Not that this helps you, but I have found that the CD volume is much higher than any of the rest of the inputs on the head unit. I don't remember there being any way to adjust them, but I also haven't looked recently. The manual (assuming you received the right booklet for your radio) is however quite thorough regarding the adjustments/features of the head unit.


----------



## flheat (Sep 29, 2006)

*Re: Aux Input Volume (gilesrulz)*

I have found a large disparity in volume switching between satellite and FM


----------



## ericl (Nov 26, 2006)

I'm still having problems with a humming noise coming from the speakers whenever I plug my iPod into the aux input. I get some humming feedback and it seems to not matter which volume is higher, on the stereo or iPod. 
Anyone else having this problem?


----------



## gilesrulz (Nov 2, 2006)

*Re: (ericl)*

I remember people having this issue when they were charging their iPod using the cigarette lighter.


----------



## ericl (Nov 26, 2006)

No charging, just the iPod in the glove box with a headphone adapter. 
It's quite an annoying sound. It sounds like it should be an easy fix with a ground loop isolator or something (I think that's what it will take, but I'm not an electrician).


----------



## Grafixx101 (Jul 7, 2006)

*Re: Aux Input Volume (PanEuropean)*


_Quote, originally posted by *PanEuropean* »_
The factory decided to provide the jack by deleting the glovebox light (which normally fits in that position) and providing a flat plate with a hole in it for an audio jack.
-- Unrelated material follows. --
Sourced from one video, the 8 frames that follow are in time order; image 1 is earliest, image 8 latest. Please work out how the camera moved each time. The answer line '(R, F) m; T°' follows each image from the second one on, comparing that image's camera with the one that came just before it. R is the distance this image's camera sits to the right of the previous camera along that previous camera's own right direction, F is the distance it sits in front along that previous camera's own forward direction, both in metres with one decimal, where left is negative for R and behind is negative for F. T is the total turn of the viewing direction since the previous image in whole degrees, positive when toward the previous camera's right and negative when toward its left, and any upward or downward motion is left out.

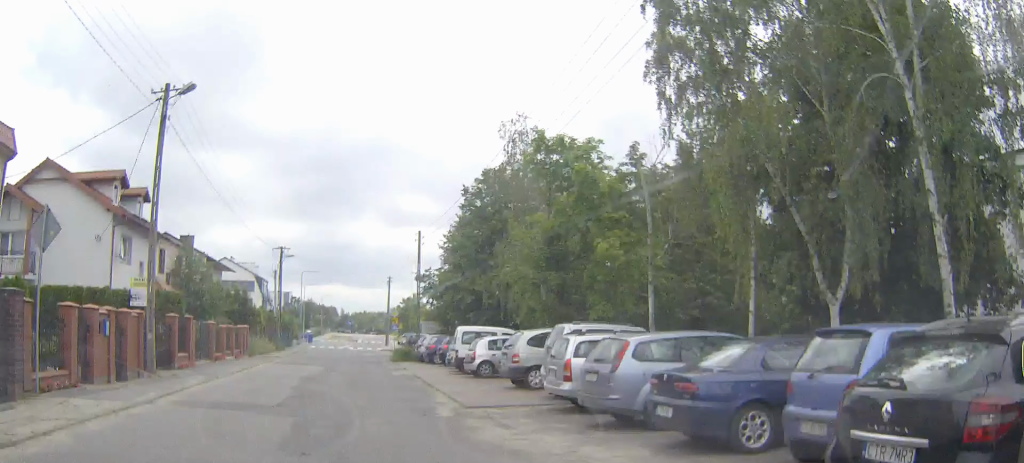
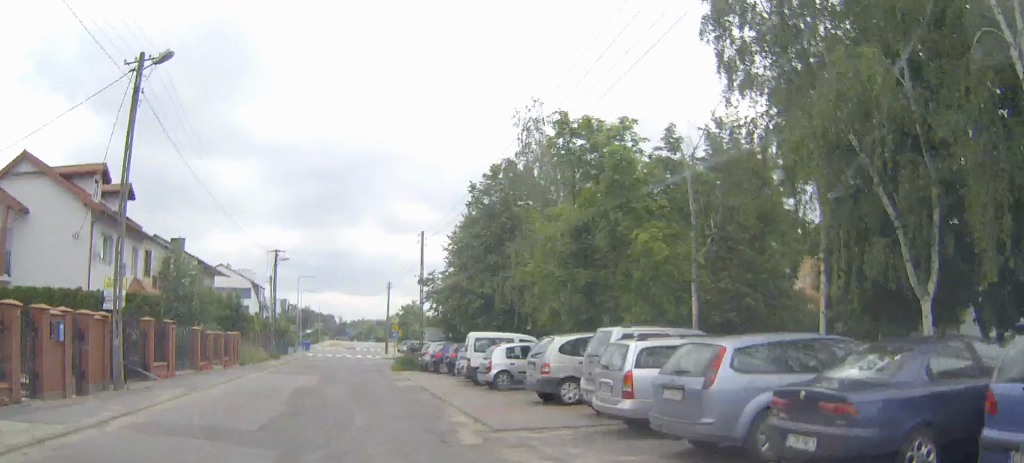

Does anyone know if it's possible to re-attach the glove-box light on NAR vehicles? If one were to take out the Aux input, would the wiring be there to attach the OEM light? Just curious as I may not be needing the Aux input in the future.
Thanks!


----------



## gilesrulz (Nov 2, 2006)

*Re: (ericl)*

If you are sure that your cable is good, I would take it to your dealer. That sounds like a grounding problem that is not normal.
.....
I looked inside the dash on that side and did not find a hanging part of the wiring harness that would obviously be for the light, but I only spent 10 minutes using a flashlight. It seems likely that they would use the same wiring harness as the ROW cars, but it is also possible they did not use the same harness due to the added noise that harness might add to the aux input.


----------



## bougy (Nov 21, 2006)

*Re: Aux Input Volume (jnhashmi)*

hi everybody, hi jnhashmi,
very interesting post, my Samoa EOS has arrived at my dealer, we are trying to plannify the add-ons to do (alcantara, brodit, qtek, front PDC) and the missing thing is exactly that AUX cable which is NOT available in belgium (but well in germany for 30$ in the options list for a new car) I called VW Luxembourg, VW belgium, Blaupunkt Belgium and searched hours on the net to find a reference of that cable, just found a third party who makes it and the Audiolink (jack and usb box) box.
your problem with the level input is important for me, as I need to tell the guys what to do by tomorrow ...
So jnhashmi, do you have a RCD 500 Dynaudio by any chance ? (that's mine)
If one of you has the reference of the cable I'll be quite happy to have it ... Michael maybe ?
thanks a million, bad days for me at the moment ... car waiting 4 me because of a 10$ cable missing ...
bougy


_Modified by bougy at 10:01 PM 2-8-2007_


----------